The delivered goods shall remain the property of the Seller until full payment of all claims arising from the respective contract has been received. In relation to entrepreneurs, the retention of title shall also apply until all claims arising from the ongoing business relationship with the customer have been settled.

 

§ 6 Warranty

(1) The statutory warranty rights shall apply.

(2) In relation to consumers, the limitation period for warranty claims for new goods is two years from delivery of the goods. For used goods, the limitation period may be reduced to one year, provided the customer is informed of this before conclusion of the contract. In relation to entrepreneurs, the warranty period for new goods is one year; for used goods, warranty is excluded to the extent permitted by law.

(3) Damage resulting from improper handling, installation, commissioning, operation, or storage by the customer does not give rise to warranty claims against the Seller.

(4) The customer must notify the Seller of defects without undue delay. If the customer is an entrepreneur, Sections 377 et seq. of the German Commercial Code (HGB) shall additionally apply.

(5) In the event of justified warranty claims, the Seller shall initially be entitled to subsequent performance. If subsequent performance fails, the customer may reduce the purchase price or withdraw from the contract in accordance with statutory provisions.

§ 7 Transport Damage

If goods are delivered with obvious damage to the packaging or contents, the customer should complain to the carrier immediately and inform the Seller as quickly as possible by email or another communication channel, without prejudice to the customer’s warranty rights, so that any claims against the transport service provider can be preserved.

 

§ 8 Liability

(1) The Seller shall be liable without limitation in cases of intent and gross negligence, and for damages resulting from injury to life, body, or health.

(2) In the event of slight negligence in the breach of essential contractual obligations, the Seller shall only be liable for foreseeable damages typical for the contract.
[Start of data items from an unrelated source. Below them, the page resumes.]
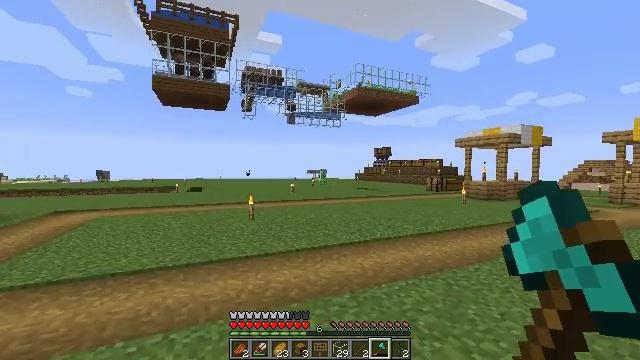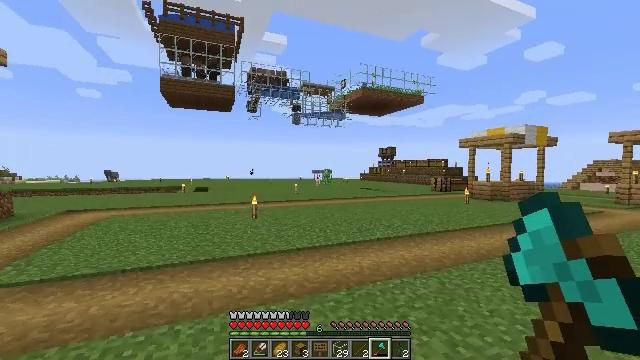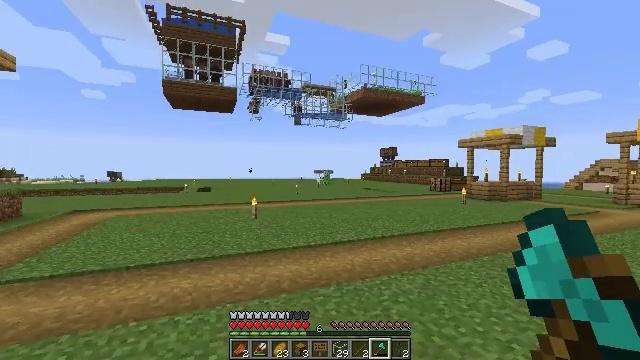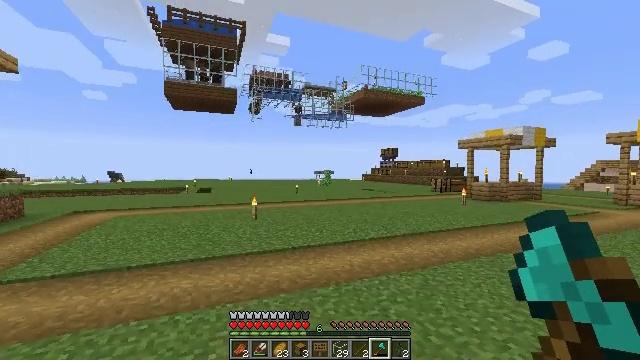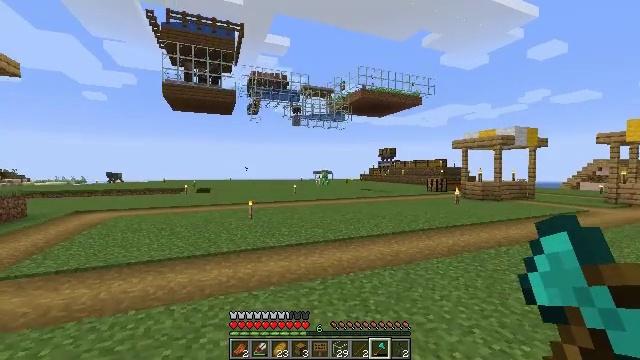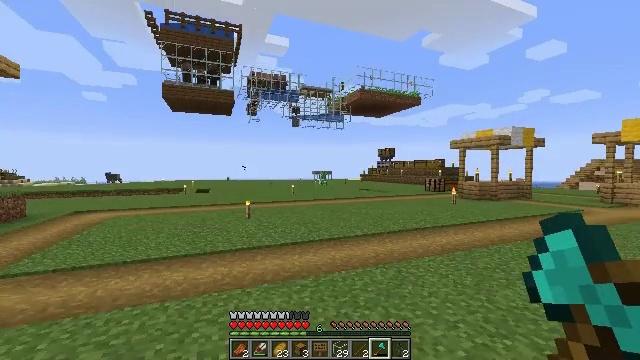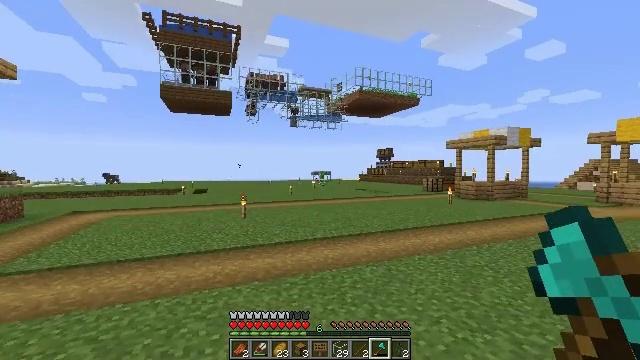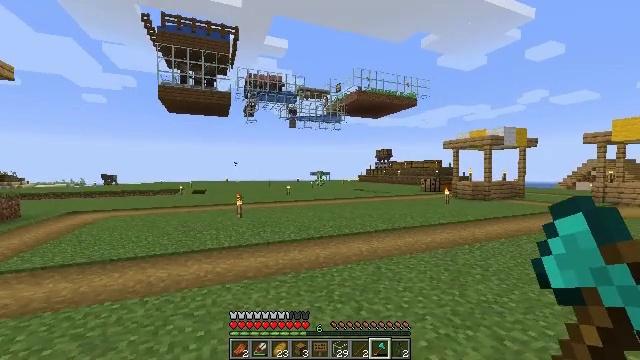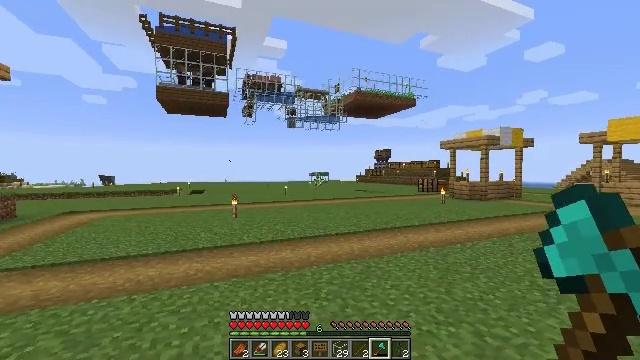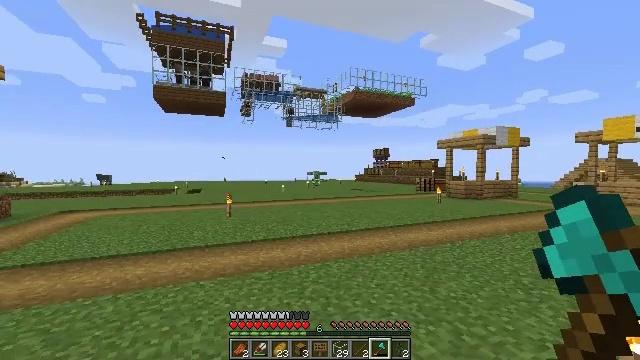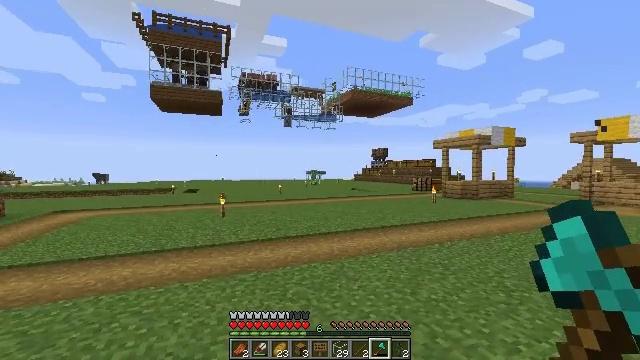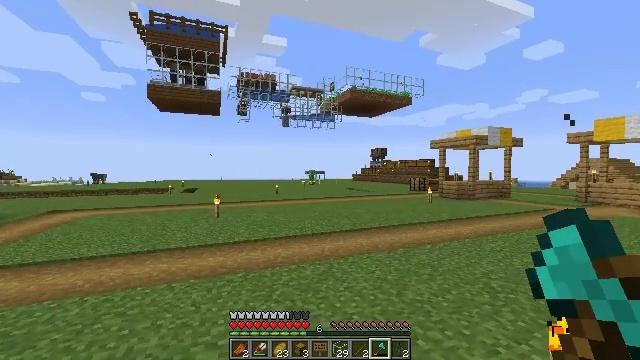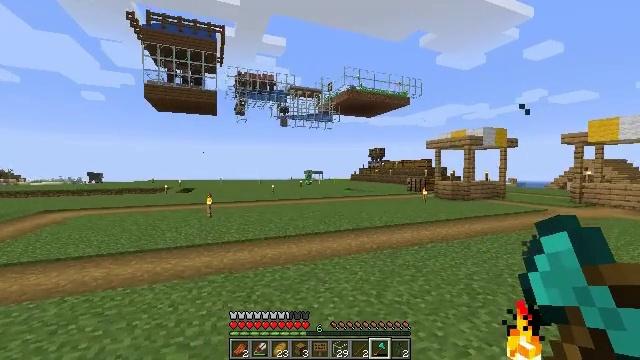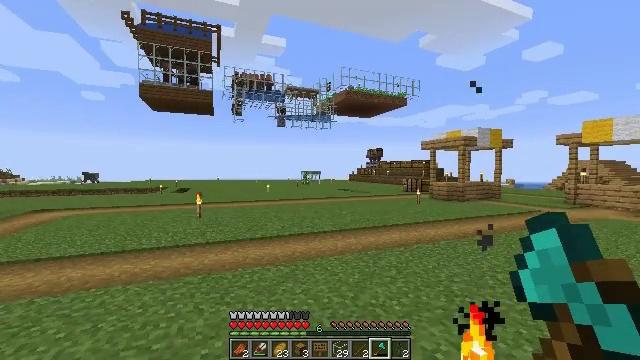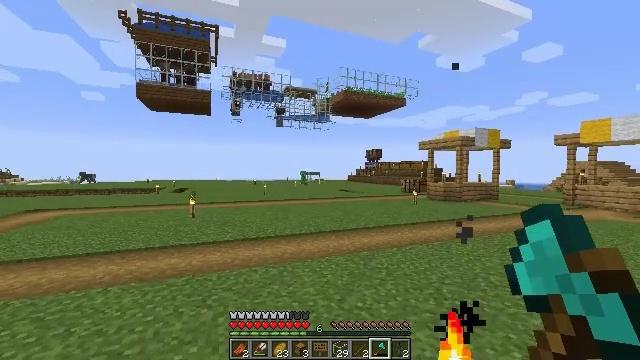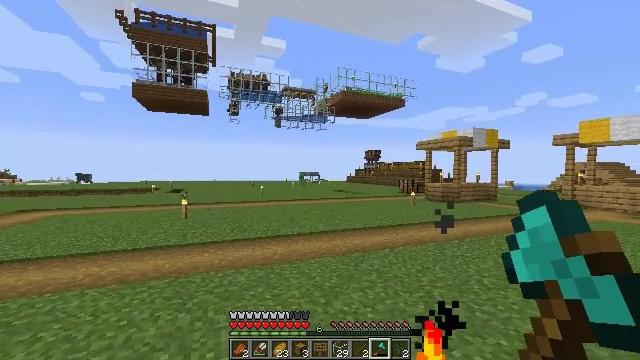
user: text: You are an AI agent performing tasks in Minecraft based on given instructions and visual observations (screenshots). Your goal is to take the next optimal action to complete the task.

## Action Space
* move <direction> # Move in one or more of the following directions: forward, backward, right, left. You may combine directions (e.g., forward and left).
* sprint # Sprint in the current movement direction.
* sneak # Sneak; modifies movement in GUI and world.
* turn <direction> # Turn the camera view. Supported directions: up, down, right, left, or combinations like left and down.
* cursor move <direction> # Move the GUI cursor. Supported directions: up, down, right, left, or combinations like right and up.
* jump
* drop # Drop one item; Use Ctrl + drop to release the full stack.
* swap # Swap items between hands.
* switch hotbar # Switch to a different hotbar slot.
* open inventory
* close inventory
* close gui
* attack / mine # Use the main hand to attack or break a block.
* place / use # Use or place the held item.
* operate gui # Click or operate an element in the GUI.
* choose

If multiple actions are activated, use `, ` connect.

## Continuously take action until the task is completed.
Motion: motion action
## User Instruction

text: Remove the torch from its spot.
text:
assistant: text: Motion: move back and move right, turn left
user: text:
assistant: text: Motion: move back and move right
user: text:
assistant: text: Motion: move back and move right
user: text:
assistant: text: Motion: move back and move right
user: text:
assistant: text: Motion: move right
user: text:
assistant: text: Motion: move right
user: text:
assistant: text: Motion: move right
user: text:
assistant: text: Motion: move right
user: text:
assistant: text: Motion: move right
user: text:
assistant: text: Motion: move right
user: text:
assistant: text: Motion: move right
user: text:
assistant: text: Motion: move right
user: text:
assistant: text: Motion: move forward and move right
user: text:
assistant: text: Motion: move forward and move right
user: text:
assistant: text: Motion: move forward and move right
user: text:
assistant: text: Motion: move forward and move right
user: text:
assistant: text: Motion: move forward
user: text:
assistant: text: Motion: no_op
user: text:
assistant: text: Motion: no_op
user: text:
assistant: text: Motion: no_op
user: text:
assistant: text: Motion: no_op
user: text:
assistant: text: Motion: no_op
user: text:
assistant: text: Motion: no_op
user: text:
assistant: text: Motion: no_op
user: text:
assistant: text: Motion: no_op
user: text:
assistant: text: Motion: no_op
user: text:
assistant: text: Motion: no_op
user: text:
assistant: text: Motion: no_op
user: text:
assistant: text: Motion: no_op
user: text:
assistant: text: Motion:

Essential contractual obligations are those obligations whose fulfillment is essential for the proper performance of the contract and on whose compliance the customer may regularly rely.

(3) Otherwise, the Seller’s liability is excluded to the extent permitted by law.

(4) The above limitations of liability shall also apply in favor of the Seller’s legal representatives, employees, and vicarious agents.

§ 9 Data Protection

The Seller processes the customer’s personal data only within the scope of applicable data protection laws, in particular the General Data Protection Regulation (GDPR), and only to the extent necessary for contract processing. Further information can be found in the Seller’s Privacy Policy on the website.

 

§ 10 Right of Withdrawal for Consumers

Consumers have the statutory right of withdrawal in accordance with the separate withdrawal policy made available in the online shop and during the ordering process.

 

§ 11 Final Provisions

(1) Should individual provisions of these Terms and Conditions be or become invalid in whole or in part, the validity of the remaining provisions shall remain unaffected.

(2) German law shall apply to contracts with entrepreneurs. For consumers, the mandatory consumer protection provisions of the country of habitual residence shall apply to the extent they cannot be excluded under the applicable law.